Damit ist die Frage aufgeworfen, ob sich der im Alter vereinsamte Faber Du Faur hier nicht in seinen späten Lebensjahren selbst porträtiert haben könnte. Neben der Ateliersituation, dem ausdrücklichen Bezug des Porträtierten auf die Palette und dem Umstand, dass sich das Bild im Nachlass befunden hat, spricht für ein Selbstporträt auch die einzig summarisch erfolgte Ausarbeitung des Körpers während sich die Darstellung im Gesicht mit den für ein Selbstporträt topischen weit geöffneten Augen konkretisiert. Diese Verdichtung im Gesicht forciert den Eindruck einer von der Palette hinterfangenen, auf den Sinn der Malerei bezogene melancholische Innenschau eines Künstlers, deren dunkler Zug noch durch die Verdeckung der rechts im Bild hängenden Palette mit jenen für Faber Du Faur doch so charakteristischen hellen Tönen verstärkt wird.

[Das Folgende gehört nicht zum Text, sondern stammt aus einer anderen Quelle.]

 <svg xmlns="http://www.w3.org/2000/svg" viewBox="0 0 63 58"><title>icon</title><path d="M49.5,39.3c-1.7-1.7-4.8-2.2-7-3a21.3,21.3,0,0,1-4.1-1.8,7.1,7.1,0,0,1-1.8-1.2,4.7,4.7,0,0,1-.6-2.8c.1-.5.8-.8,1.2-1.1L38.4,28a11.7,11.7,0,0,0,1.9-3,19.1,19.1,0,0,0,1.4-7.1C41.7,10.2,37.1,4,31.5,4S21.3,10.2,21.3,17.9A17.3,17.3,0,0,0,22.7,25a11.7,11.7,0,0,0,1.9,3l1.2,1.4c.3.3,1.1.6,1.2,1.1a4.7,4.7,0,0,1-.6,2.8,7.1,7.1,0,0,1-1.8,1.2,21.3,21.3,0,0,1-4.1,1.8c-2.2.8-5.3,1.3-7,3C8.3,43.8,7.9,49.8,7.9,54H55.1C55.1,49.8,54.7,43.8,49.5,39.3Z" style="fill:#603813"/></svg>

Im Zuge dieser Resignation rät Faber du Faur seinem Sohn Hans, der ebenfalls Maler geworden ist: „Versprich mir nur eines, zieh nie nach München, sie bringen dich hier um!“ Um wen auch immer es sich bei dem dargestellten Mann tatsächlich handeln mag, anhand der hervorgehobenen Bezüge auf die Malerei ist das Porträt eine auf die Kunst fokussierte resignative Selbstbesinnung Faber Du Faurs.
zum Künstler
Otto Faber du Faur trat nach der Schule in den Dienst der Württembergischen Armee und kultivierte - parallel dazu - seine künstlerische Begabung. 1851 ging er auf Empfehlung seines Vaters Christian Wilhelm, der seinerseits Schlachtenmaler war, ein halbes Jahr in München bei Alexander von Kotzebue in die Lehre. 1852 wurde er dann ein ganzen Jahr vom Heerdienst beurlaubt, um sich - mit einem Stipendium des Württembergischen Königshauses bedacht - in Paris im Atelier von Adolphe Yvon in der Schlachtenmalerei weiterzubilden. In Paris wurde er durch die Malerei von Théodore Géricault und Eugène Delacroix inspiriert. Auf weiteren Pariser Studienreisen machte sich Faber Du Faur dann auch mit der Kunst Gustave Courbets, Théodore Rousseaus und Adolphe Monticellis vertraut. 1867 nahm er seinen Abschied von der Armee, um sich ganz der Kunst zu widmen. 1869 wurde er an der Münchner Akademie Schüler Karl von Pilotys, einem der innovativsten Historienmaler seiner Zeit. In den siebziger Jahren entstanden im Auftrag des Württembergischen Königshauses mehrere großformatige Gemälde, welche Faber Du Faurs Ruf als bedeutender deutscher Schlachtenmaler begründeten. Der große Erfolg seines während der Pariser Weltausstellung von 1878 gezeigten Panorama "Belagerung von Paris" zog die Anfertigung einer Vielzahl von Panoramen nach sich, die nach und nach in den verschiedensten Großstädten gemalt und gezeigt wurden. 1880 unternahm Faber Du Faur eine Studienreise nach Tunis, um dann, 1883, ein halbes Jahr nach Marokko zu gehen, was zu einer deutlichen Aufhellung seiner Palette und einem expressiveren Farbumgang führte. Eine Entwicklung, die er auf Reisen nach Spanien weiter beförderte, ihn aber zu einem Außenseiter machte, der 1901 unbeachtet in München verstarb. Die Qualität seiner Kunst wurde erst posthum wiederentdeckt und gewürdigt: 1903 wurden vier seiner Werke auf der Biennale in Venedig gezeigt und, als vorläufiger Höhepunkt, fand 1927 in der Nationalgalerie Berlin eine große monografische Ausstellung statt, auf der 160 seiner Gemälde zu sehen waren.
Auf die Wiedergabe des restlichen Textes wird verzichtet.